3.7. Inhibition of 11β-HSD2 Assays

Transformation of cortisol to cortisone was performed on 96-well microtiter plates using human kidney microsomes as a source of 11β-HSD2 in a total volume of 100 μL. Then, 20 μL of substrate mixture cortisol/NAD+ (final concentration 200 nM/2 μM), 10 μL of microsomes (0.127 μg/mL 11β-HSD2) solution in PBS (final quantity 2.5 μg), 60 μL of phosphate buffer (pH 7.4) and 10 μL of inhibitor solution (solvent DMSO/water 1/99, final concentration 10 μM) were mixed in the well. The resulting solutions were incubated for 150 min at 37 °C. The addition of 10 μL solution containing 100 μM carbenoxolone in PBS stopped the reaction [37]. The amount of unreacted cortisol was measured using a cortisol ELISA kit.

3.8. Determination of IC50

IC50 values were obtained by performing similar assay as described in Section 3.6 (for inhibitors of 11β-HSD1) or at Section 3.7 (for inhibitors of 11β-HSD2) with inhibitors at concentrations of 10, 5, 2.5, 1.25, 0.625 µM. The next step was to plot the dependence of cortisol concentration (in the case of 11β-HSD1 inhibitors) and cortisone (in the case of 11β-HSD2 inhibitors) obtained in response to the concentration of the inhibitor. The inhibitor concentration that resulted in a 50% reduction in cortisol (or cortisone) compared to the blank (no inhibitor reaction) was read from the graph.

4. Conclusions

In conclusion, we obtained the nine novel N-tert-butyl substituted 2-aminothiazol-4(5H)-one (pseudothiohydantoin) derivatives, differing in the substituents at C-5 of the thiazole ring.

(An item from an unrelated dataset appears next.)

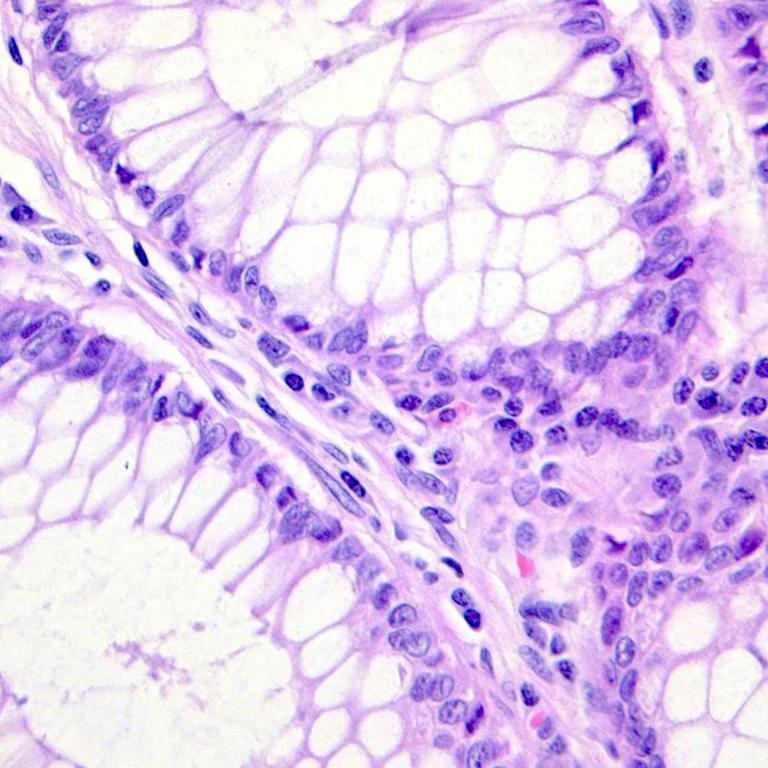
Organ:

The inhibitory activity and selectivity of the obtained derivatives in relation to two isoforms of 11β-hydroxysteroid dehydrogenase (type 1 and type 2) were evaluated. The 3h derivative, containing the cyclohexane substituent at the 5-position of the thiazole ring in the spiro system which inhibits the enzyme isoform 1 activity by 82.5% at a concentration of 10 µM, has the highest inhibitory activity in relation to 11β-HSD1. The derivative with the phenyl substituent at C-5 showed the highest inhibition of 11β-HSD2 (53.57% at a concentration of 10 µM). A low selectivity in the inhibition of 11β-HSD2 was observed, but unlike 18β-glycyrrhetinic acid these compounds inhibit the activity of 11β-HSD2 to a greater extent than that of 11β-HSD1.

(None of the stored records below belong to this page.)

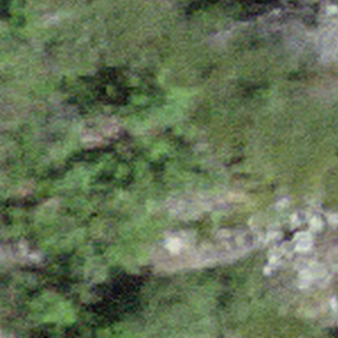
Label: other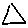
Label: triangle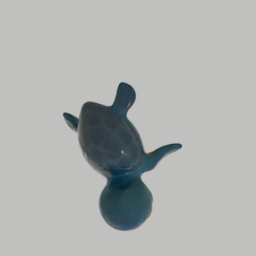
Label: animals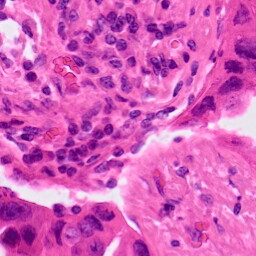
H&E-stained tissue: Lung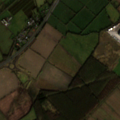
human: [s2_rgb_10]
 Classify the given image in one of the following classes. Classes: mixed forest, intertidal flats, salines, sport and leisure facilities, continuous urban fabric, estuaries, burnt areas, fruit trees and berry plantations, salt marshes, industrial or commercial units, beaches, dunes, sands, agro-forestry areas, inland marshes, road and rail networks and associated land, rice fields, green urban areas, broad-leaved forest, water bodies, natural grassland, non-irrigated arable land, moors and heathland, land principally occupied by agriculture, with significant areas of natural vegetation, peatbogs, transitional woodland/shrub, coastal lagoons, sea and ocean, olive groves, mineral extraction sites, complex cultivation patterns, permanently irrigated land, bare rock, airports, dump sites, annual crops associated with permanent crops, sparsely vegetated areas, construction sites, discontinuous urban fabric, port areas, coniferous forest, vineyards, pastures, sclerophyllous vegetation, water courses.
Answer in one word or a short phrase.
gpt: industrial or commercial units, non-irrigated arable land, pastures, broad-leaved forest

The obtained results may constitute an innovative approach in cancer therapy, aimed especially at the action of 11βHSD1 and 11βHSD2. It may have a significant impact on the correct response and action of glucocorticoids, which in turn may be of key importance in inhibiting the proliferation of neoplastic cells.